Tuesday, July 18, 2006

Jolly

I ate 7 hot dogs today. I feel like such a waste. I also had a large coffee milkshake in carvel for my breakfast. Somewhere in between, I also had a few whipped-cream shots, coated with chocolate sprinkles.

Last time I checked, I was around 190-195 ish. I wonder if I broke the 200 mark yet. I would check, but my scale doesnt work.

Its probably good that I gain weight... for various reasons.

(no specific order)

1. I would be able to use my fat to warm myself during lonely winter nights.

2. I could disguise my ripples of fat on my stomach as muscle definition.

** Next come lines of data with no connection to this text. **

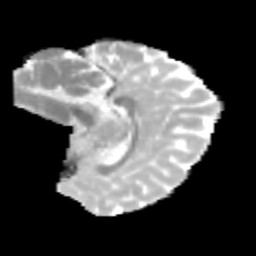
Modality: MD
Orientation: sagittal
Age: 10
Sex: female
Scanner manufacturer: siemens
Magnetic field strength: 3 T
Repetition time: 3.8 s
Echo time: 0.07 s
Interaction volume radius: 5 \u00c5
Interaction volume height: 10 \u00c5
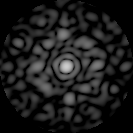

3. Increases the probabilty of living if I get shot by a sniper.

4. Provides cushion to my future sexual partner.

5. I can wear the clothes my mom bought for me a few years back, when she said, "These will fit in a few years."

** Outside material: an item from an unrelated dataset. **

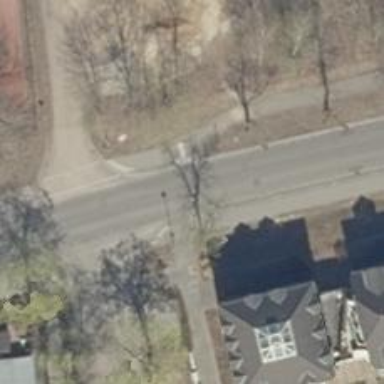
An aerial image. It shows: Unmarked crossing on asphalt footway.

6. The fatter I am, the more soap you could potentially make out of me. Not that I would let you make soap out of my body fat, but its comforting to know that if I were to choose to make soap out of my fat, I could make a decent amount.

7. Why gain weight??? So I can lose it.

8. So my little brother can sit in the shade that I create when I block the sunlight from hitting the Earth.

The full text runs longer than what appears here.